# Your instructions
Could you transcribe the entries below exactly, without any of the pictures?

# Exercise material
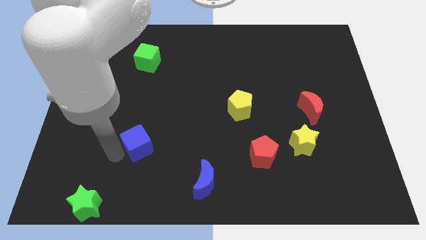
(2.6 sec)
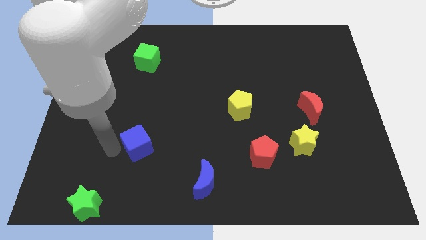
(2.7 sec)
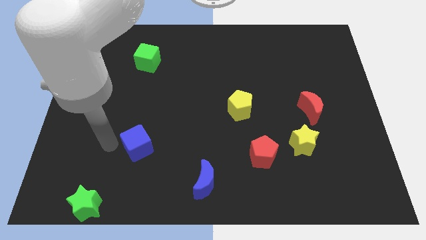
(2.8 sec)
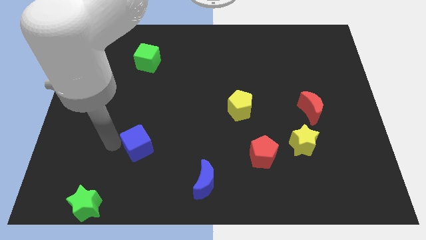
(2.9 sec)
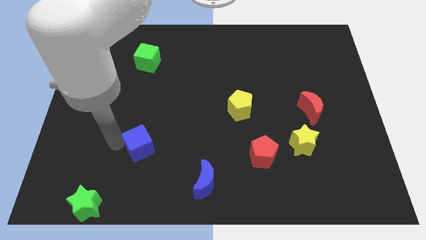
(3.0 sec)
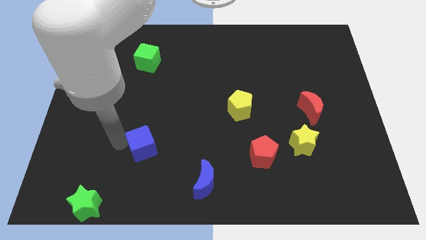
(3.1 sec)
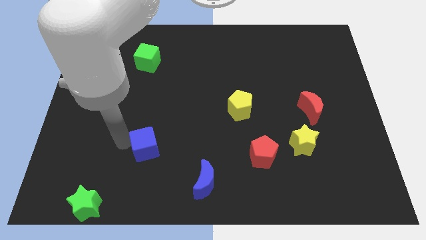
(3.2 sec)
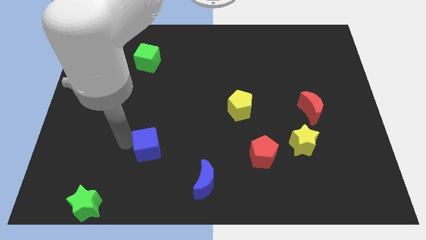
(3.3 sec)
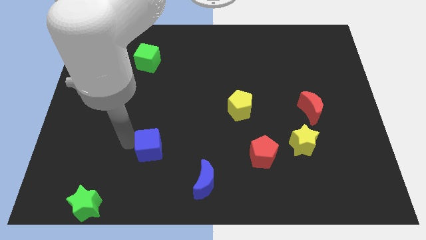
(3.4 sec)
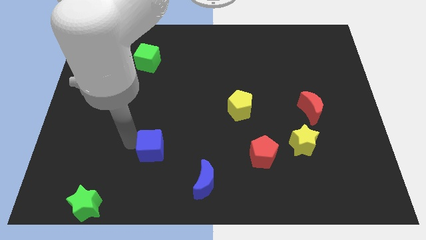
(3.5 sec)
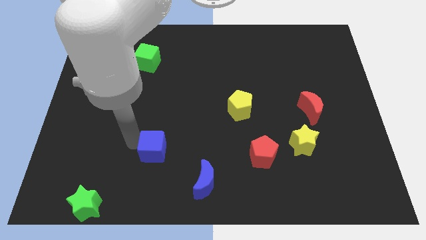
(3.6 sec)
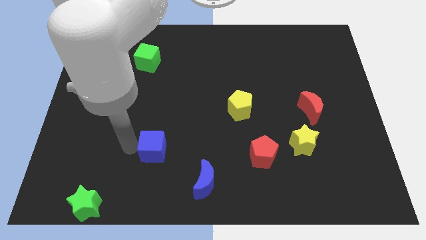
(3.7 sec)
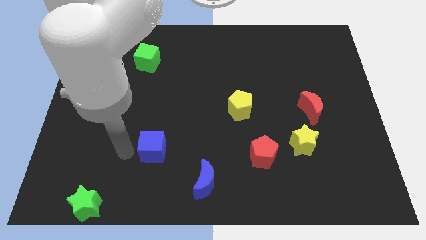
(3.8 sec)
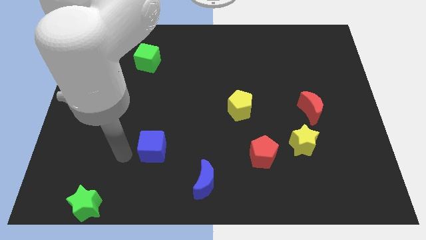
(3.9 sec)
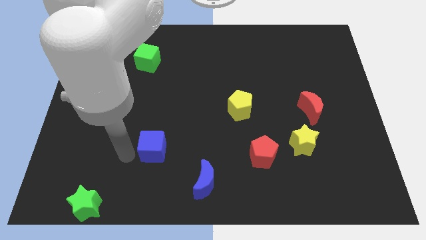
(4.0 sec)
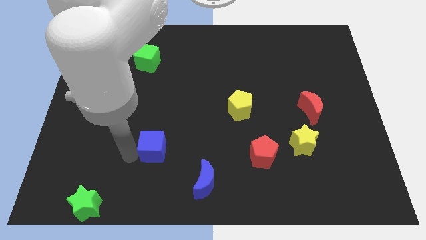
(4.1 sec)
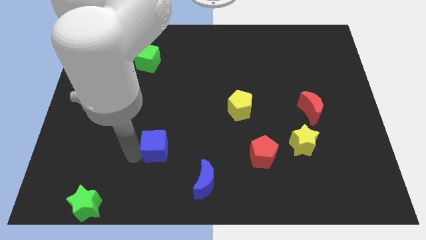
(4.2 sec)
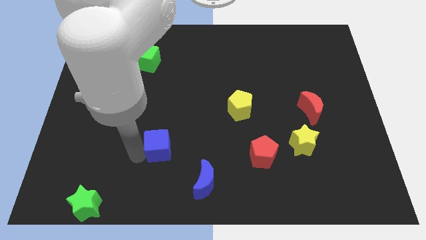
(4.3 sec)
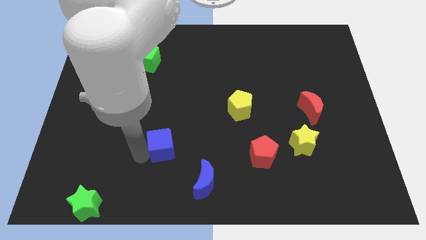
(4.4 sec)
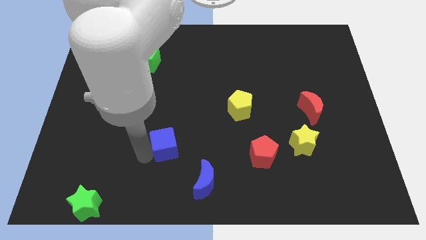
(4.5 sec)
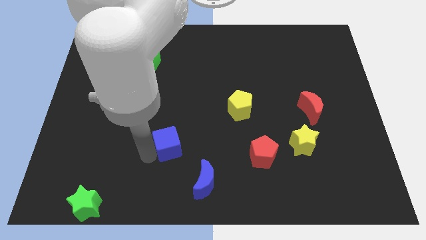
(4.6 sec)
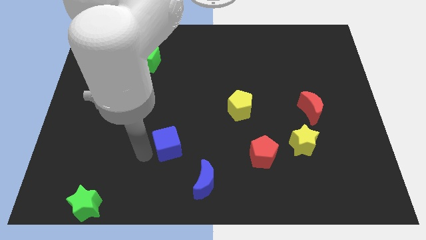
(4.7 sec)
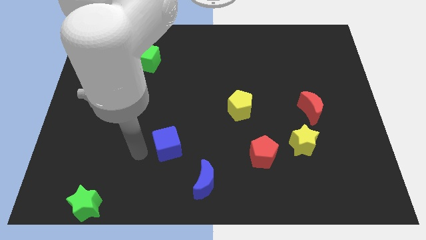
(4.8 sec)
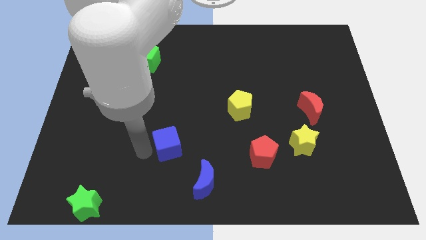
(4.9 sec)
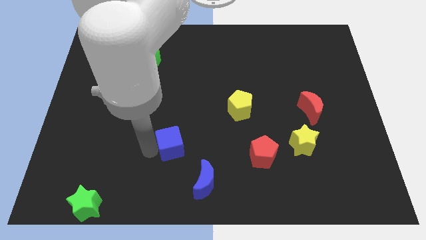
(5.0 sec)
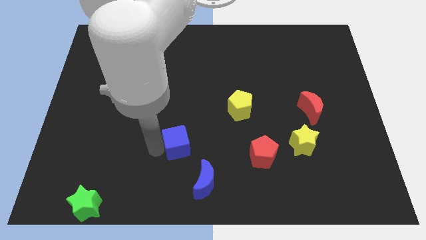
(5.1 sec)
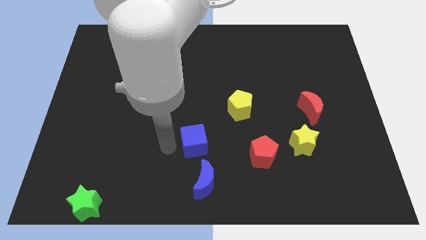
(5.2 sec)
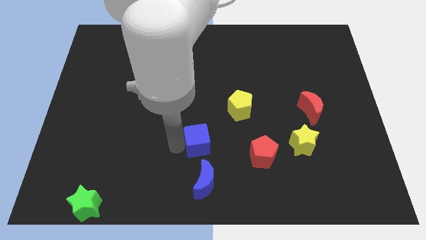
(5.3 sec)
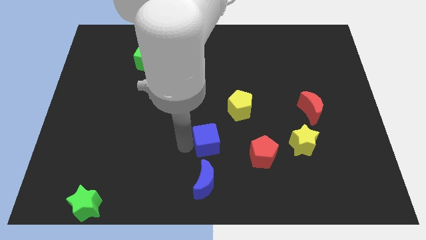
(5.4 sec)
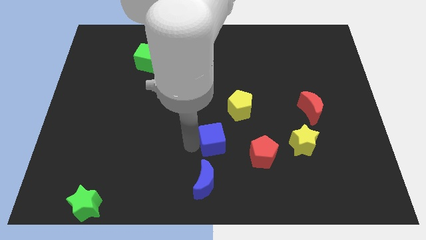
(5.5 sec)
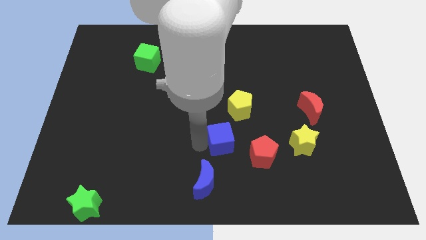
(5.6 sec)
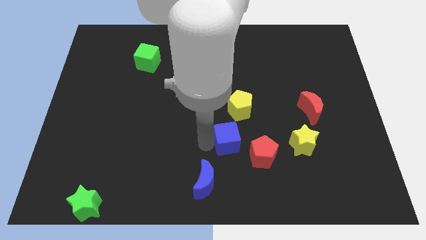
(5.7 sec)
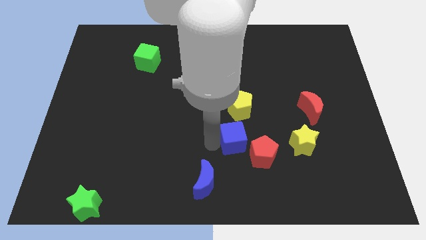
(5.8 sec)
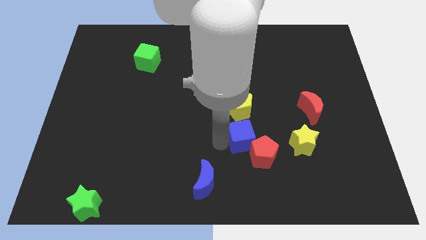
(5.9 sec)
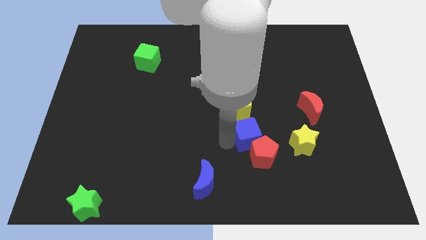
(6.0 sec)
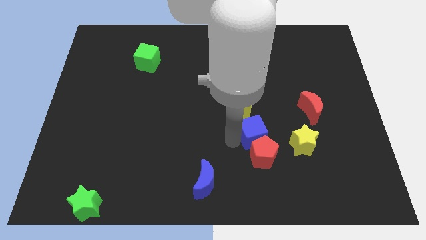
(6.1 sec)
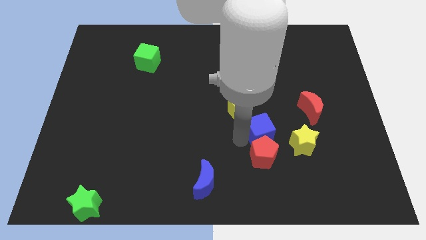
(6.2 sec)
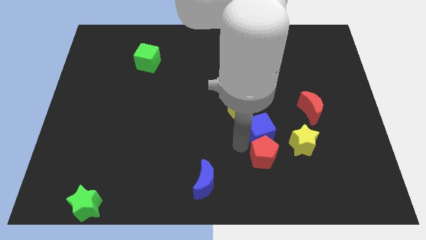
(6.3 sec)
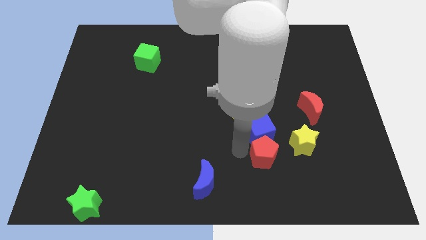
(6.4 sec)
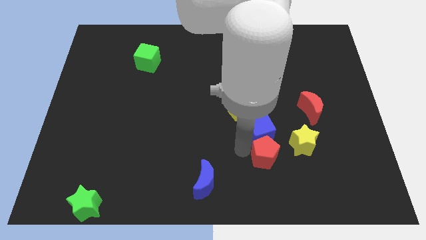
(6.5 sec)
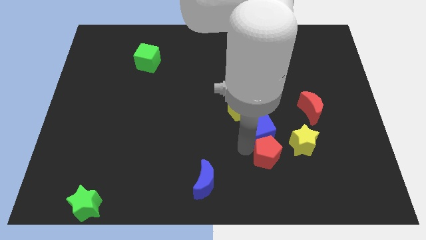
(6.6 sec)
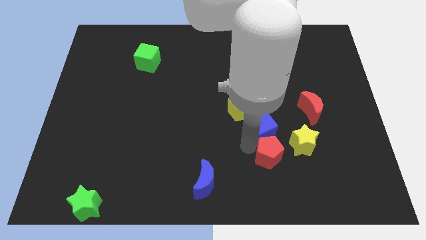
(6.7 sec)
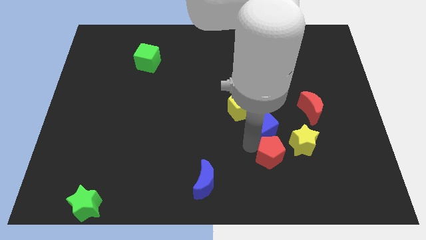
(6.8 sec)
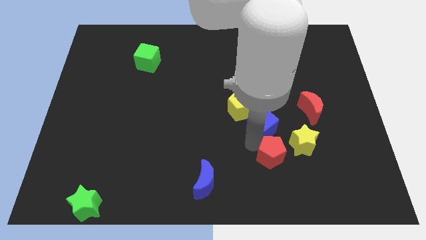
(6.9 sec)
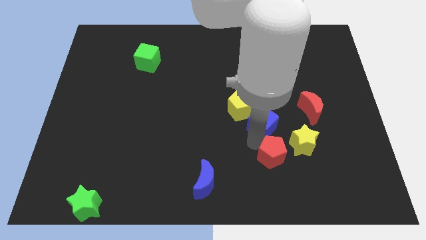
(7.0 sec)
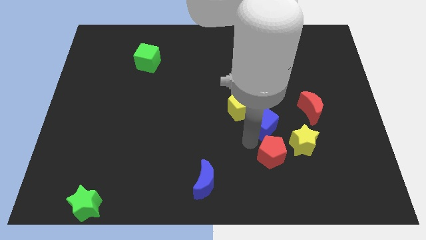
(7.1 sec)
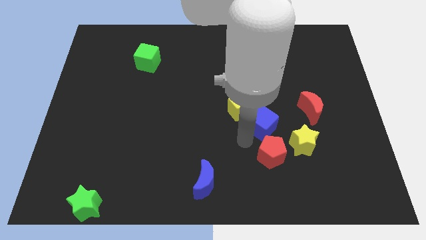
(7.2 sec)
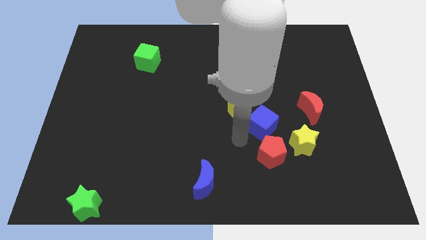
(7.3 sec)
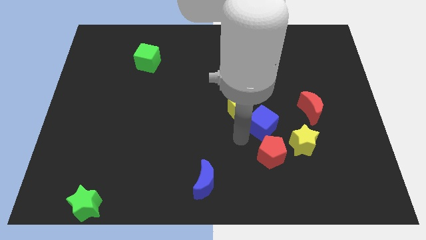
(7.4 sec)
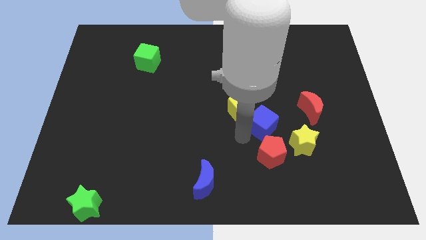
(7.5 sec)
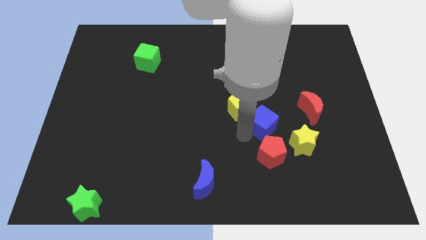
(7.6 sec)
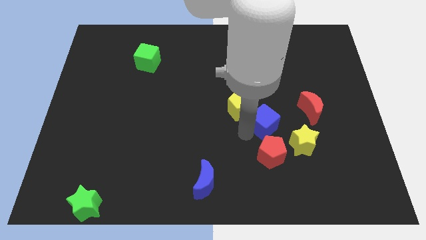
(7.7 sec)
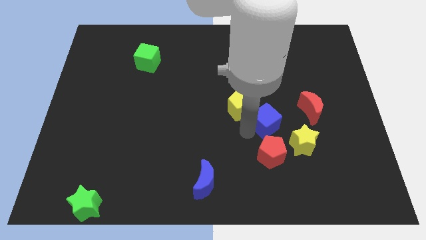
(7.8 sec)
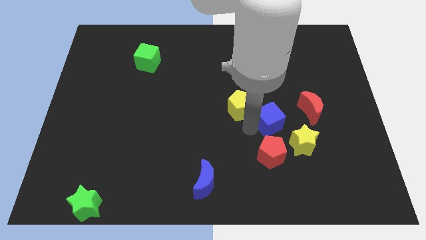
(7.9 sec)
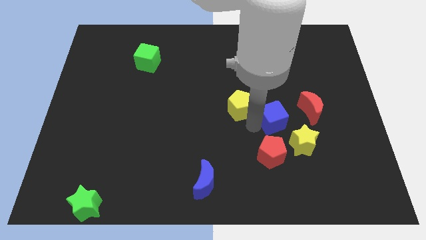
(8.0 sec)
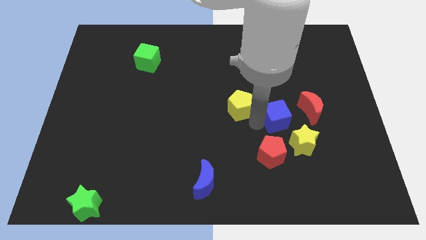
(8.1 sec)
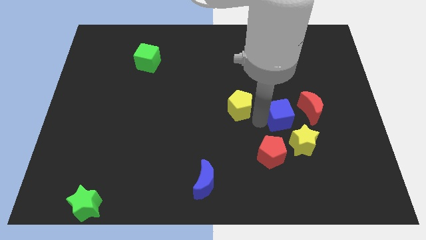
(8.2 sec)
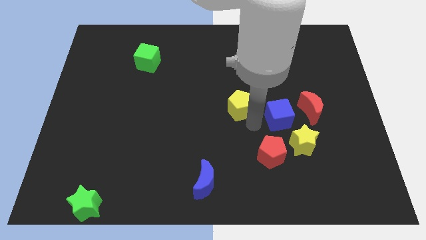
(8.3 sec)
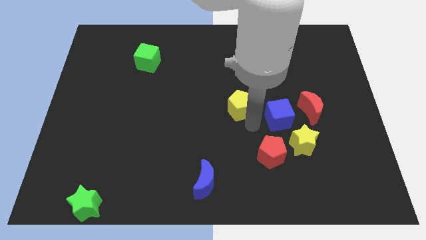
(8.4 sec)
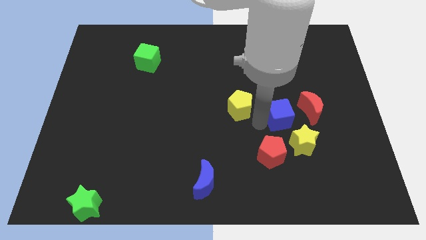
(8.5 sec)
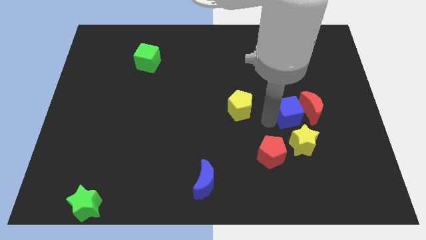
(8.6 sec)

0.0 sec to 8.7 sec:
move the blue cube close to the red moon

# Solution for this problem
(2.6 sec)
(2.7 sec)
(2.8 sec)
(2.9 sec)
(3.0 sec)
(3.1 sec)
(3.2 sec)
(3.3 sec)
(3.4 sec)
(3.5 sec)
(3.6 sec)
(3.7 sec)
(3.8 sec)
(3.9 sec)
(4.0 sec)
(4.1 sec)
(4.2 sec)
(4.3 sec)
(4.4 sec)
(4.5 sec)
(4.6 sec)
(4.7 sec)
(4.8 sec)
(4.9 sec)
(5.0 sec)
(5.1 sec)
(5.2 sec)
(5.3 sec)
(5.4 sec)
(5.5 sec)
(5.6 sec)
(5.7 sec)
(5.8 sec)
(5.9 sec)
(6.0 sec)
(6.1 sec)
(6.2 sec)
(6.3 sec)
(6.4 sec)
(6.5 sec)
(6.6 sec)
(6.7 sec)
(6.8 sec)
(6.9 sec)
(7.0 sec)
(7.1 sec)
(7.2 sec)
(7.3 sec)
(7.4 sec)
(7.5 sec)
(7.6 sec)
(7.7 sec)
(7.8 sec)
(7.9 sec)
(8.0 sec)
(8.1 sec)
(8.2 sec)
(8.3 sec)
(8.4 sec)
(8.5 sec)
(8.6 sec)

0.0 sec to 8.7 sec:
move the blue cube close to the red moon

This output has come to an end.